Lovelace, of the Humboldt Watershed Council, asked for and received a meeting with Tamminen -- himself a former Cal EPA secretary -- and a deputy. Lovelace made his own presentation. "I was alone and tried to make them versed in the subject, not knowing they had been briefed by the other side."

If the timber harvest permits granted or pending were carried out, state officials said, it would amount to the equivalent of about 750 clear-cut acres.

But Pacific Lumber's director of science programs, Jeff Barrett, said the company's ability to continue getting logging permits is essential for its survival and for paying for costly environmental conditions of the Headwaters deal. "For now this life-and-death struggle comes down to this limited number of permits."

Kuhlman, who is a federal EPA employee on loan to California, said there are 11 additional permit applications on her desk. She added it is "highly doubtful all 11 will be approved, because of the [cumulative] sediment impacts."

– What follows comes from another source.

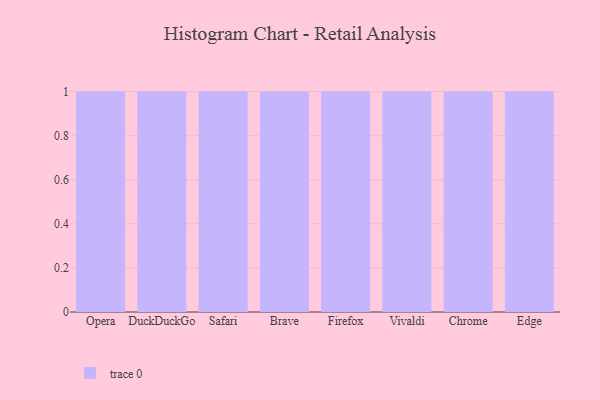
{"axis": {"x": "Browser", "y": "Shipments"}, "legend": [""], "data": [{"x": "Opera", "y": 14, "type": ""}, {"x": "DuckDuckGo", "y": 99, "type": ""}, {"x": "Safari", "y": 33, "type": ""}, {"x": "Brave", "y": 90, "type": ""}, {"x": "Firefox", "y": 83, "type": ""}, {"x": "Vivaldi", "y": 48, "type": ""}, {"x": "Chrome", "y": 90, "type": ""}, {"x": "Edge", "y": 76, "type": ""}]}

Meanwhile, people such as Jack Quirey are hoping that the rest of this winter is relatively dry. The retiree said he once had to raise the foundation of his house on Freshwater Creek by three feet after a major flood. "We had 12 inches of water in the house in 1995-1996," he said in a telephone interview. "It causes mold and fills it with silt -- and maybe snakes -- and is impossible to clean completely....There are still marks on the furniture."